Gill Ryan M, Lee Tzong-Hae, Utter Garth H, Reed William F, Wen Li, Chafets Dan, Busch Michael P
Department of Laboratory Medicine, University of California, San Francisco, USA.
Blood. 2008 Apr 1;111(7):3880-3. doi: 10.1182/blood-2007-08-107144. Epub 2008 Jan 16.
Microchimerism (MC), defined as the persistence of allogeneic cells at low concentrations, is well documented in transfused trauma patients. We hypothesized that genetic polymorphisms linked to cytokine production could contribute to trauma-induced immune modulation and development of microchimerism after transfusion of trauma patients. We used high-throughput SYBR-green-based genotyping of single nucleotide polymorphisms (SNPs) to characterize 59 transfused trauma patients, with MC (n=30) and without MC (n=29), for 4 functionally significant SNPs: TNF (-308), IL 10 (-1082), IFNG (+874), and TGFB1 (+915). We then compared likelihood for development of MC and the magnitude of immune suppression among subjects with and without these selected immune response SNPs. We identified a significant association between TNF (-308A) SNP and both development of MC and diminished immune responsiveness. Hence predisposing genetic factors may explain, in part, why only a subset of trauma patients develops transfusion-associated microchimerism.

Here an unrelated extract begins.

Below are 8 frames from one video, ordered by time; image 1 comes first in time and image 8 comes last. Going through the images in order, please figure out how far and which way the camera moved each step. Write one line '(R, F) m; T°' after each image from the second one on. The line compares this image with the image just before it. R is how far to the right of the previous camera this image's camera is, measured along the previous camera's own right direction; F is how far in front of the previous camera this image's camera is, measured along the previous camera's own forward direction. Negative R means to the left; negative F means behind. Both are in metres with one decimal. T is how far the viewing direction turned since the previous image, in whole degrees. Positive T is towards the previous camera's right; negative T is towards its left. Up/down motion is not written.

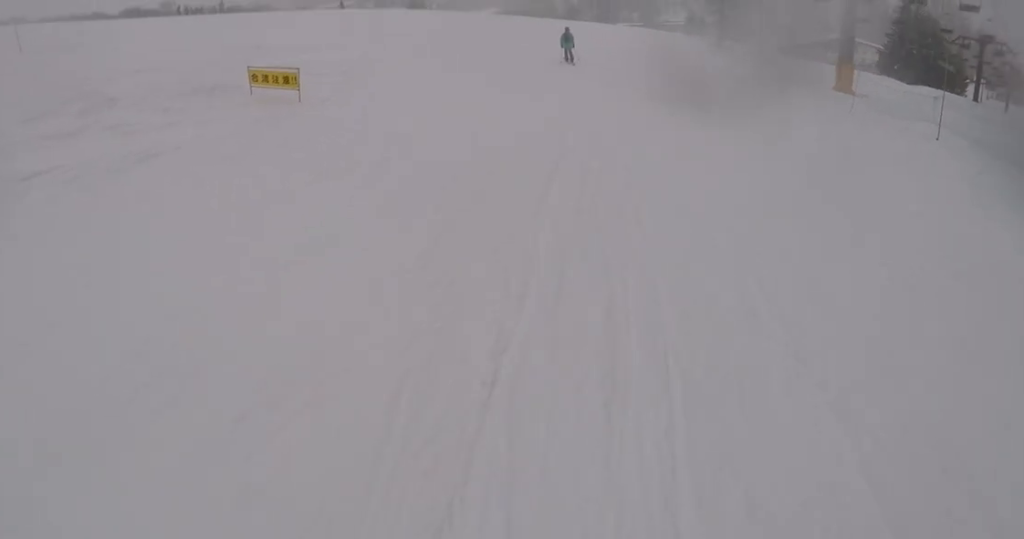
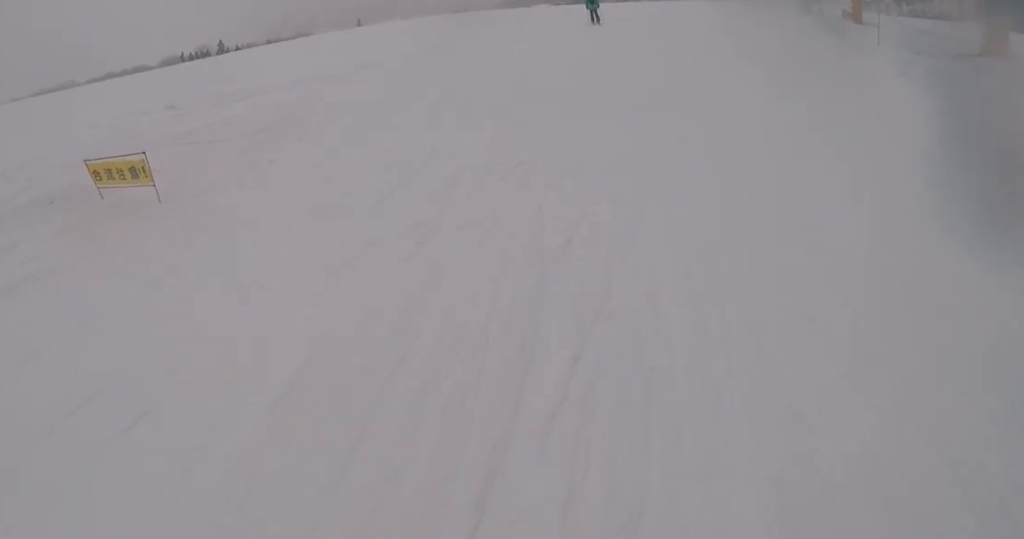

微嵌合体(MC)被定义为低浓度异体细胞的持续存在,这在输血创伤患者中已有充分记录。我们假设,与细胞因子产生相关的基因多态性可能有助于创伤诱导的免疫调节以及创伤患者输血后微嵌合体的形成。我们使用基于高通量SYBR绿的单核苷酸多态性(SNP)基因分型来对59例输血创伤患者进行特征分析,其中有微嵌合体(n = 30)和无微嵌合体(n = 29),检测4个功能上重要的SNP:TNF(-308)、IL 10(-1082)、IFNG(+874)和TGFB1(+915)。然后,我们比较了有和没有这些选定免疫反应SNP的受试者中微嵌合体形成的可能性以及免疫抑制的程度。我们发现TNF(-308A)SNP与微嵌合体的形成以及免疫反应性降低均存在显著关联。因此,易感遗传因素可能部分解释了为什么只有一部分创伤患者会发生输血相关微嵌合体。